Strategy 3 Considerations

  1. Key players to involve - Besides the purchasers who specialize in ICT procurement, it is essential to form a team of ICT managers from your organization. If at all possible, have a vendor meeting prior to issuing the RFP to get input from potential vendors.
  2. Staff training: Basic understanding of environmental life cycle assessment will be helpful but not essential. Staff will not need to know the math, or detail, of conducting one. However, it will be helpful for them to understand how to compare LCA results. For example, the concepts of “functional units” and “system boundaries” are basic to knowing what’s been included in the analysis and what has not, to ensure an “apples to apples” comparison. The American Center for Life Cycle Analysis can be a helpful source of training resources http://www.lcacenter.org/.
  3. Pair your efforts to reduce GHG footprint of services with internal conservation efforts to reduce unnecessary use of services where possible. For example, encourage employees to clean-out e-mail periodically.

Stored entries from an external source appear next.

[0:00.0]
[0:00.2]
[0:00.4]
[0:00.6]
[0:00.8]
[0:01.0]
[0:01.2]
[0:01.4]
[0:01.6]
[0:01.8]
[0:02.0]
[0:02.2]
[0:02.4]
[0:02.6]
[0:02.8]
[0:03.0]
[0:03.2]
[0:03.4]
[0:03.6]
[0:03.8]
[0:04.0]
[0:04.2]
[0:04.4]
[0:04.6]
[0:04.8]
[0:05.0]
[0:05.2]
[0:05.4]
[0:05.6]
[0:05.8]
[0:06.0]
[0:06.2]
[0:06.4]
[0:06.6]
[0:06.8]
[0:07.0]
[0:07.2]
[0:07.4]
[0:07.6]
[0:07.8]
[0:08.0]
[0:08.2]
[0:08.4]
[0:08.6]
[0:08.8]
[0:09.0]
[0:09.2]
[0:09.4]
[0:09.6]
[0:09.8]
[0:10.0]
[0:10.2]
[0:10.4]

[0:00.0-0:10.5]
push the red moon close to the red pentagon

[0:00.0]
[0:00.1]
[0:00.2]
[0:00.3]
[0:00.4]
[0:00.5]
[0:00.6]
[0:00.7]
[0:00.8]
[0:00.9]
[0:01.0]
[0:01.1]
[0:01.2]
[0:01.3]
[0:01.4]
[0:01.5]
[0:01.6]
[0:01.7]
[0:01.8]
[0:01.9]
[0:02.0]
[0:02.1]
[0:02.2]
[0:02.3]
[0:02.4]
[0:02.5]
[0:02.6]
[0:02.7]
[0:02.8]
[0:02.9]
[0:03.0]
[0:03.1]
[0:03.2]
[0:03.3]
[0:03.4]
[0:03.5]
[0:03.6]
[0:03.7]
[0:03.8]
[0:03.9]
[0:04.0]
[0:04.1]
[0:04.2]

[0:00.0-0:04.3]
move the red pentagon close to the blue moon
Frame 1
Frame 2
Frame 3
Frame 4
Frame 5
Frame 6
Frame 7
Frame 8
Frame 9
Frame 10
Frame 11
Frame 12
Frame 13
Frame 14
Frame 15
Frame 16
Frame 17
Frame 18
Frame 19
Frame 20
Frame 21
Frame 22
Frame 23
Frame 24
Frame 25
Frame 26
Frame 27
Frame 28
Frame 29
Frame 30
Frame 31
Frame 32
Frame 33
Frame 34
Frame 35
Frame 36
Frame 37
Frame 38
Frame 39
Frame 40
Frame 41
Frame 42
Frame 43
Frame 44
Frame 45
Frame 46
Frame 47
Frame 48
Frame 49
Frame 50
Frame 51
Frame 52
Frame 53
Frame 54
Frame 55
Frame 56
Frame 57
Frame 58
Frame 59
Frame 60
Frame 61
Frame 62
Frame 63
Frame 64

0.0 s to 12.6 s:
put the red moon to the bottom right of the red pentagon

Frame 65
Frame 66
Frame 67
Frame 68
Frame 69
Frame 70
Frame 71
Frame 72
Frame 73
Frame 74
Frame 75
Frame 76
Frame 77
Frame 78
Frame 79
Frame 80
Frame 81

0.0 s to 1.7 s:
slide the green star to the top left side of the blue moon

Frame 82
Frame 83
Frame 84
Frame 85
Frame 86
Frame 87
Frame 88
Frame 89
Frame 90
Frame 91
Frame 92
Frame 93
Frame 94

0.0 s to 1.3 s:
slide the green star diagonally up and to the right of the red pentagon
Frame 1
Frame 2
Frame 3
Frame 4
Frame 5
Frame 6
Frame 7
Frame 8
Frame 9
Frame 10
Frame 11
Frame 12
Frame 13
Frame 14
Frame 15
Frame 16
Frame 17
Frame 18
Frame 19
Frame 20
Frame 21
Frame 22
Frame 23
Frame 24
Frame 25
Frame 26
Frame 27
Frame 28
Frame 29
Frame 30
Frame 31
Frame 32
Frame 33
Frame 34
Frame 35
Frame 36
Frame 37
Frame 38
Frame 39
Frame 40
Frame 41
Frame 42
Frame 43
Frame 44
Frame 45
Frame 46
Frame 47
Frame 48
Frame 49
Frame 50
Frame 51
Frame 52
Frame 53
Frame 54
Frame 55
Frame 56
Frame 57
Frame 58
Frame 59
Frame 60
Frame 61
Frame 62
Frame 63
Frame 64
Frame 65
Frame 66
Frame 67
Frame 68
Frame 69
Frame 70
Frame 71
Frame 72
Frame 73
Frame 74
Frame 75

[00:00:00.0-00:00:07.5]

  4. Address potential barriers / myths. For government, ICT can be one of an organization’s biggest carbon footprint procurement categories because information and communication is such a large part of what government does. Some may erroneously conclude that ICT should then be reduced, in order to lower overall emissions, and more paper should be used because paper doesn’t use electricity in its use phase. This is faulty logic. In most cases, using digital resources is environmentally preferable to creation of paper documents and publications. Use of ICT to decrease use of paper, decrease travel or improve logistics will result in a net carbon footprint reduction.